## Aim of the exercise
Please reproduce, exactly as given, the lines running from the start of the data to the line containing "gpt: There are some green rectangular farmland .", inclusive, and omit the pictures.

## Saved entries
[Start of Attachment]
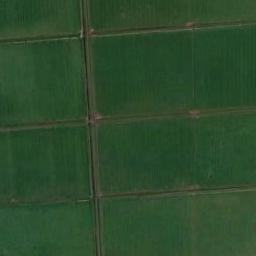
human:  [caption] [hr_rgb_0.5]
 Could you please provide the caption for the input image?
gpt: Eight neatly arranged green rectangular farm fields .

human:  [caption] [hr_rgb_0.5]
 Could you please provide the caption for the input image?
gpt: There are some green rectangular farmland .

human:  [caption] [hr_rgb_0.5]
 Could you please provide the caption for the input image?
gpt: There are many neat rows of rectangular farmlands .

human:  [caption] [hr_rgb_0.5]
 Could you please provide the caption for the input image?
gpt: Several green rectangular farmlands are arranged in neat rows .

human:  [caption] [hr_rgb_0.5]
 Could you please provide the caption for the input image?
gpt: There are some green rectangular farmlands .
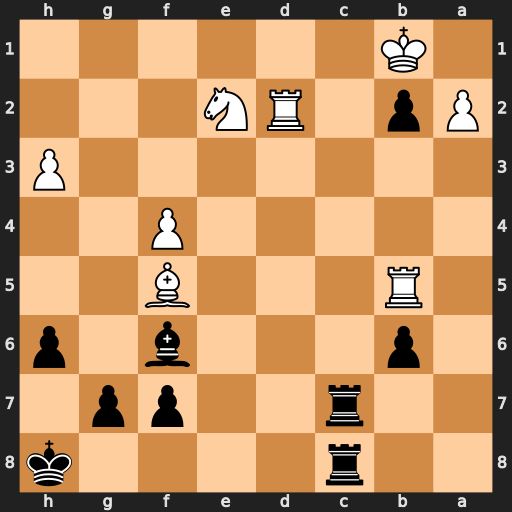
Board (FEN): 2r4k/2r2pp1/1p3b1p/1R3B2/5P2/7P/Pp1RN3/1K6
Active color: b
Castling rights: -
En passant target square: -
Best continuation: Rc1+ Nxc1 bxc1=Q#
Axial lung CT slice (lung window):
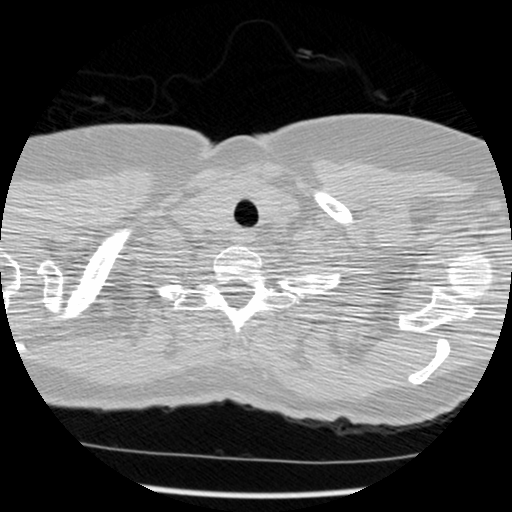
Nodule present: no
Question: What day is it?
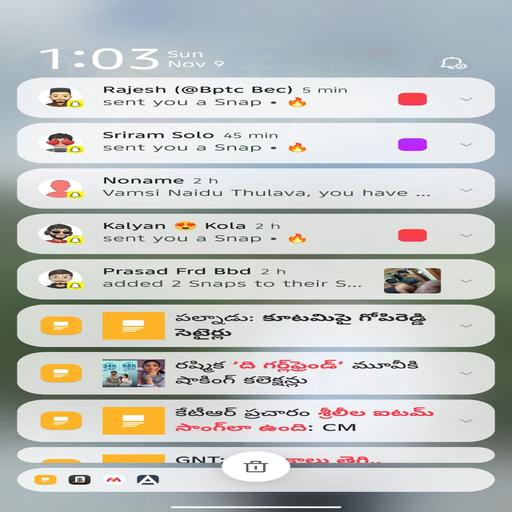
Answer: Sunday
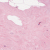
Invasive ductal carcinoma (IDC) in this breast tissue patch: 0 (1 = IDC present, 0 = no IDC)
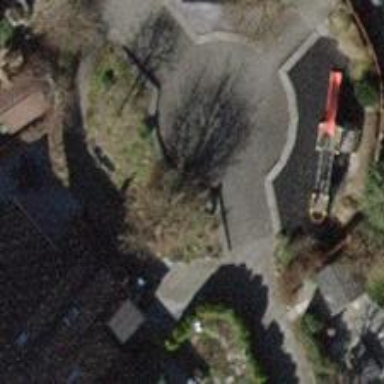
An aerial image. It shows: Playground area for leisure activities on the land.
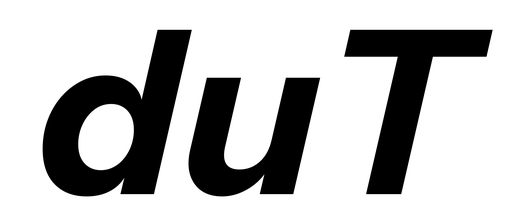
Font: InstrumentSans-Italic_Bold_Italic
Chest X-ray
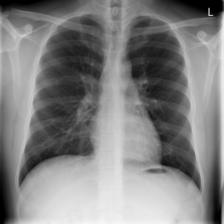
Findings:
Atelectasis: negative
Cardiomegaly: negative
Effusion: negative
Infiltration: positive
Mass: negative
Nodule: negative
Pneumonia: negative
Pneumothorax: negative
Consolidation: negative
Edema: negative
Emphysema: negative
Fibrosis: negative
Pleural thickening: negative
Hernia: negative
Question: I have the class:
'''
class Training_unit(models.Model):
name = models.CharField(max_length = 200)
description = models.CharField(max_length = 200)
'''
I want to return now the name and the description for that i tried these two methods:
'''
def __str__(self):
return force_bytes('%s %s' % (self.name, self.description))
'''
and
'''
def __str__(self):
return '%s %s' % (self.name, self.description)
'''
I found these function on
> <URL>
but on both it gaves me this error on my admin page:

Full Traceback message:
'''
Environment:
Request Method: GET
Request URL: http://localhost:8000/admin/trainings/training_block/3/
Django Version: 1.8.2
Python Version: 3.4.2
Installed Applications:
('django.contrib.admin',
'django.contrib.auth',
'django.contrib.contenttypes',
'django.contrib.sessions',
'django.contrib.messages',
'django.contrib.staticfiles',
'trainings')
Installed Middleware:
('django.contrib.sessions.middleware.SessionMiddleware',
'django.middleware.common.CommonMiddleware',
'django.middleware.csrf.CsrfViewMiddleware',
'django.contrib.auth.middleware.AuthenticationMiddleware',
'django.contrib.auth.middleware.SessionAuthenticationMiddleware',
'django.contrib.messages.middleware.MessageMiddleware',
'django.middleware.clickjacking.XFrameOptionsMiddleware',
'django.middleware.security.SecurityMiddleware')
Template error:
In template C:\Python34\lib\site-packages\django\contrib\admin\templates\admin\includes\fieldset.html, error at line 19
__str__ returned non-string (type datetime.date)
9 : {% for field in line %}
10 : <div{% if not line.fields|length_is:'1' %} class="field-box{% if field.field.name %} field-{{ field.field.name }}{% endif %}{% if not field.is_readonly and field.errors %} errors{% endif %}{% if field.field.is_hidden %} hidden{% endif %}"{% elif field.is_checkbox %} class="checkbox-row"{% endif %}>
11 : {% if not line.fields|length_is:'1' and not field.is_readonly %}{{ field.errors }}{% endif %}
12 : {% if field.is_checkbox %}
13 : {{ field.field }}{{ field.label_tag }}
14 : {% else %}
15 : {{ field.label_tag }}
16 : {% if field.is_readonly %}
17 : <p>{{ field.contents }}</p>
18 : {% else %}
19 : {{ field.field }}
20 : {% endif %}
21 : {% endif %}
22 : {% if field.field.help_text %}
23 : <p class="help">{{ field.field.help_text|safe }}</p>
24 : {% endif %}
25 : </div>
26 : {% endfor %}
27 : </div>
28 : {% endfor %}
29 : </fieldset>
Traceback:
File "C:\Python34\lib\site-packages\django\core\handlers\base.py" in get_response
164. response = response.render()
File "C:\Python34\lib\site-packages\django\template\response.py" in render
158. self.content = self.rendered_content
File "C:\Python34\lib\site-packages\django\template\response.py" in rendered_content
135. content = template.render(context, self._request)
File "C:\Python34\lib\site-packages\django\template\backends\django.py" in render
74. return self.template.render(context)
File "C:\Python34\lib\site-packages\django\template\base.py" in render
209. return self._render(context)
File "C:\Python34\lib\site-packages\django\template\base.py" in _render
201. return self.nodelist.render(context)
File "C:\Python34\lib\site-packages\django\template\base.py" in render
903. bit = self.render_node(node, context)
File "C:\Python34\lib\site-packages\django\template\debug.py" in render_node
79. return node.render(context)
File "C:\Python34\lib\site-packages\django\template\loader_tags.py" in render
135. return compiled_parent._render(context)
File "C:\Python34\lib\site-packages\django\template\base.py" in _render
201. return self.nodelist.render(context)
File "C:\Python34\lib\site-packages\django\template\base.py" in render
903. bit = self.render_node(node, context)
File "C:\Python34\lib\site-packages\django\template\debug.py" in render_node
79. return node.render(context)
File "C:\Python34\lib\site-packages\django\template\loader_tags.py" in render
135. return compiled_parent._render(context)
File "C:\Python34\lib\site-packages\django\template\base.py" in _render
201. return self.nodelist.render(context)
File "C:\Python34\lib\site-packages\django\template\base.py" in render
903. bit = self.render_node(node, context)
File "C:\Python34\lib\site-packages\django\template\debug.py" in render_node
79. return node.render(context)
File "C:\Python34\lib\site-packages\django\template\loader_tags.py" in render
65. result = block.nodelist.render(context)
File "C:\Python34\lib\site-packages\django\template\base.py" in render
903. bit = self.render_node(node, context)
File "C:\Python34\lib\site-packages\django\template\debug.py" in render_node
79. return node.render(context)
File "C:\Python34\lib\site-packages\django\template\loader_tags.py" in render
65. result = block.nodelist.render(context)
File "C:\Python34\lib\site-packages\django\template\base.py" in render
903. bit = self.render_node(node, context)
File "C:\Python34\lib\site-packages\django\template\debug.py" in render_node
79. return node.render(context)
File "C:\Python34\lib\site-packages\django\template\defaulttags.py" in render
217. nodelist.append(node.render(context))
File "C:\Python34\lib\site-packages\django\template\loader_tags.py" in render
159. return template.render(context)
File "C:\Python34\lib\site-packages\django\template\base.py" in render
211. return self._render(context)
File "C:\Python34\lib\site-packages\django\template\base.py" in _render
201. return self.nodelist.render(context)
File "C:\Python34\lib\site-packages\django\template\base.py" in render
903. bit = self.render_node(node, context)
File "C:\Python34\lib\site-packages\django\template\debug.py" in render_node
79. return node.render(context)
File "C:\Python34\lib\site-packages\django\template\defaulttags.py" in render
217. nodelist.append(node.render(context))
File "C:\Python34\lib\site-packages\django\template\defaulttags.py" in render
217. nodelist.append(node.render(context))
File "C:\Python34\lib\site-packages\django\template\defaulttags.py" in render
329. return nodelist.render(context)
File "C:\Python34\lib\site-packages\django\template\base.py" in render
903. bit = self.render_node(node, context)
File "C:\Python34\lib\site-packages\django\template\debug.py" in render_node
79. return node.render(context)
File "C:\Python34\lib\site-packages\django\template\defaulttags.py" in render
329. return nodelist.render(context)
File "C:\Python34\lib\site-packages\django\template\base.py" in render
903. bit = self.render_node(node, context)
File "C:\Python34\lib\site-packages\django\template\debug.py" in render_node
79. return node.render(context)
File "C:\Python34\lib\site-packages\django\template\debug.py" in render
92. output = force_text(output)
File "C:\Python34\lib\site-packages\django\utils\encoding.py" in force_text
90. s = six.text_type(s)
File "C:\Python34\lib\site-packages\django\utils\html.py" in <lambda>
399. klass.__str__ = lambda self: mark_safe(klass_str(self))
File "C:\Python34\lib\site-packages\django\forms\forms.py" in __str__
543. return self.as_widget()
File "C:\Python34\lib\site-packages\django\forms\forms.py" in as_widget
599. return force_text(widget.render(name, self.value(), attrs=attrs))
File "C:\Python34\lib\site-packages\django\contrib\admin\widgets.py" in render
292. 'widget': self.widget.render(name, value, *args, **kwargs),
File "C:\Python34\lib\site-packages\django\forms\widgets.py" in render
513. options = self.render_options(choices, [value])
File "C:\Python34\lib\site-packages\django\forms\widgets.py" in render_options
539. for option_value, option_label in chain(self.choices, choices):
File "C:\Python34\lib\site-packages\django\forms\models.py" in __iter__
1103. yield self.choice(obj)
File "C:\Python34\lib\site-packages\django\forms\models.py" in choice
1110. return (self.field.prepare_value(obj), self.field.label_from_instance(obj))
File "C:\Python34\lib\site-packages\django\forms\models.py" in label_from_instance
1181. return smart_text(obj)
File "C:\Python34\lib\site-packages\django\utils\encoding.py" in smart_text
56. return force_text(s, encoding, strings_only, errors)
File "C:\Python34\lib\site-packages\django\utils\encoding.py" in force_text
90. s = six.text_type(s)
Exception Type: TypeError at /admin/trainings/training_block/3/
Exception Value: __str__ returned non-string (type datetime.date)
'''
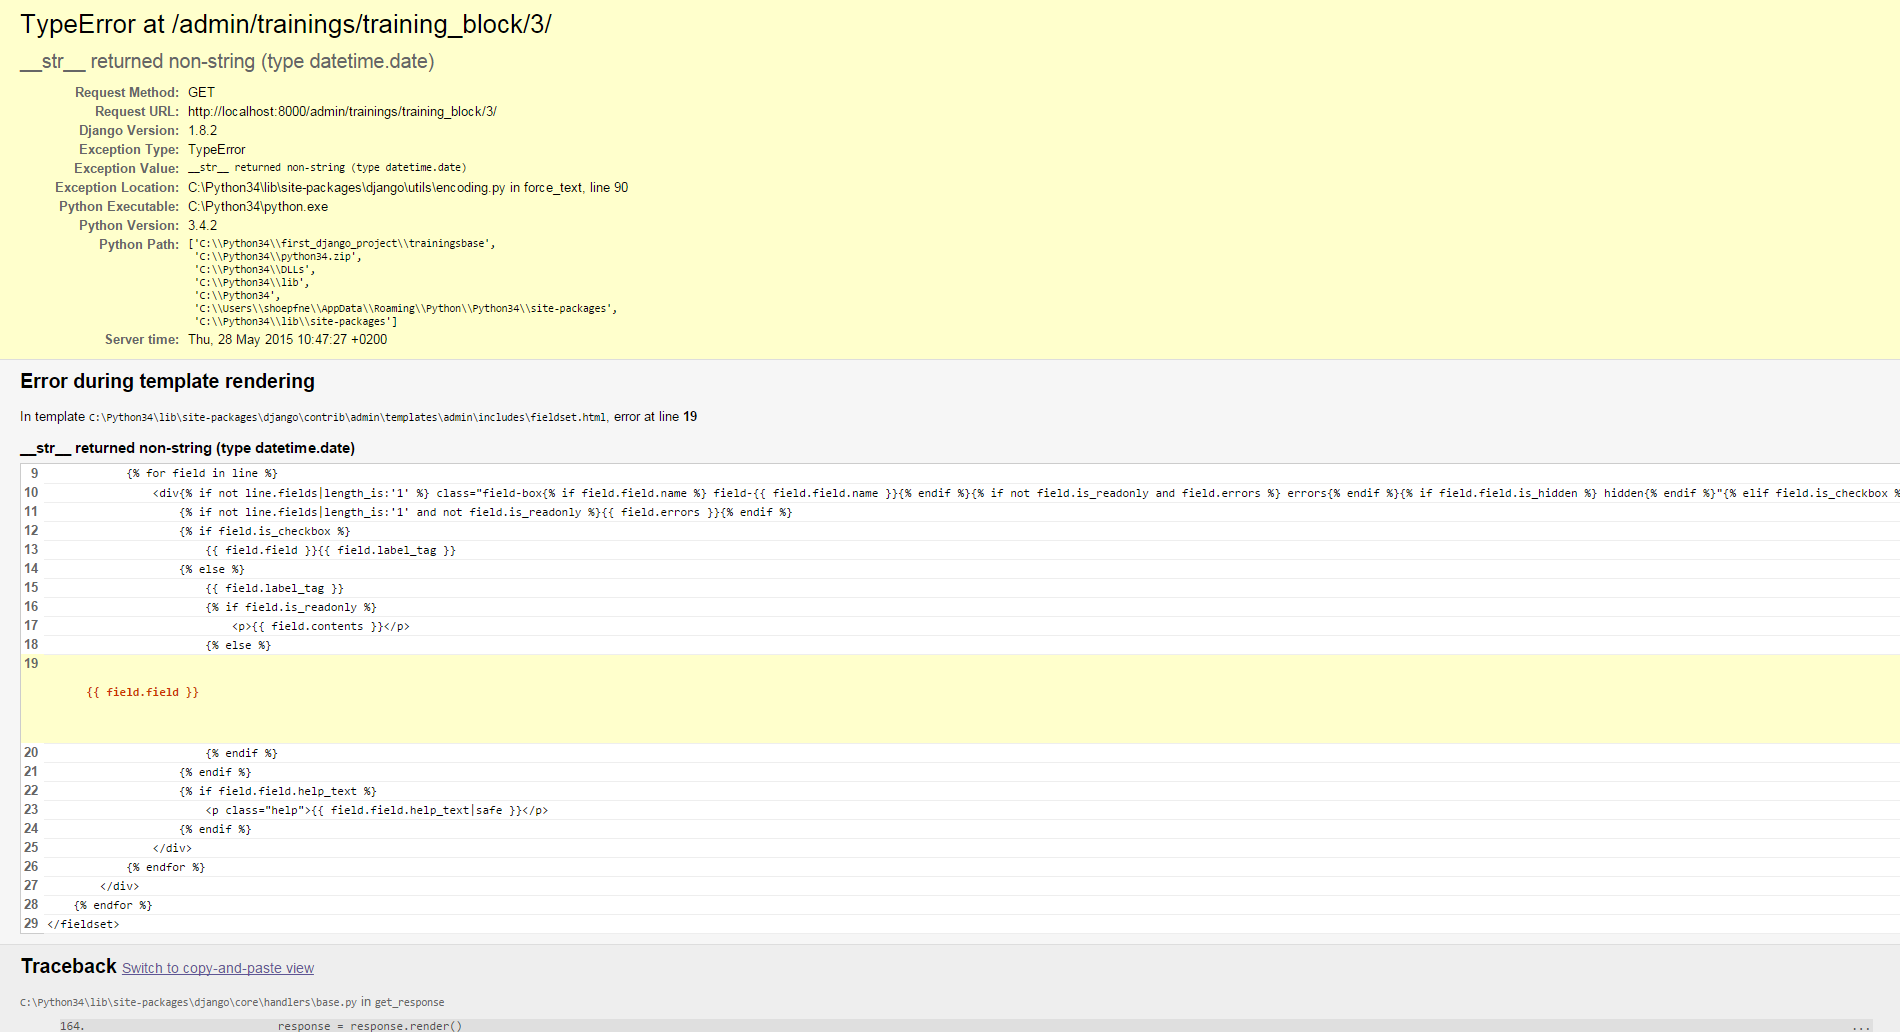
Answer: This seems to be a problem in the widget used in the Admin interface, not directly in your Training_unit.
Check your Trainint_unit Admin model, the problem is probably there. Maybe you use a TabularInline for your admin model so that other things (like a Date widget) is loaded?
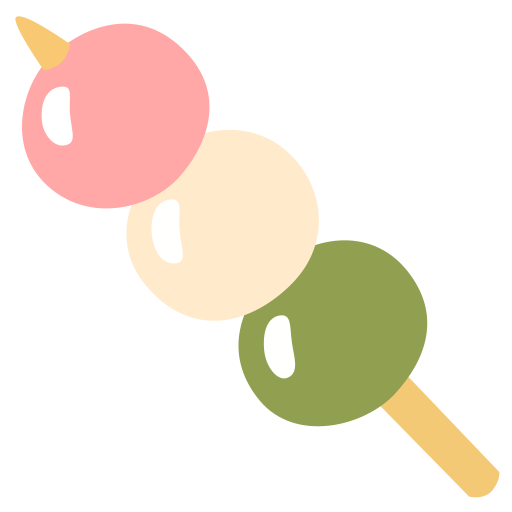
Emoji: 🍡
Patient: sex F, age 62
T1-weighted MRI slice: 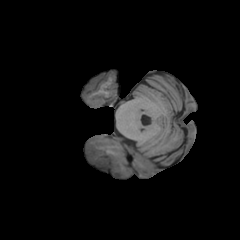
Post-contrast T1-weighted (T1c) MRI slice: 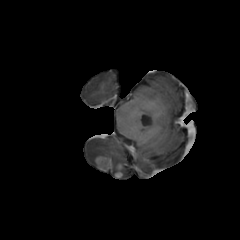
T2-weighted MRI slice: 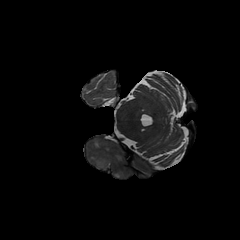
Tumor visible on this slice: yes
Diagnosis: Glioblastoma, IDH-wildtype
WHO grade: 4
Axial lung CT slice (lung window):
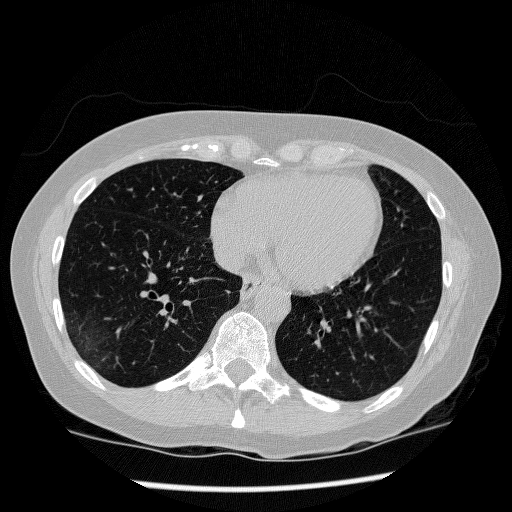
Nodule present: no
[End of Attachment]
## Exercise response
human:  [caption] [hr_rgb_0.5]
 Could you please provide the caption for the input image?
gpt: Eight neatly arranged green rectangular farm fields .

human:  [caption] [hr_rgb_0.5]
 Could you please provide the caption for the input image?
gpt: There are some green rectangular farmland .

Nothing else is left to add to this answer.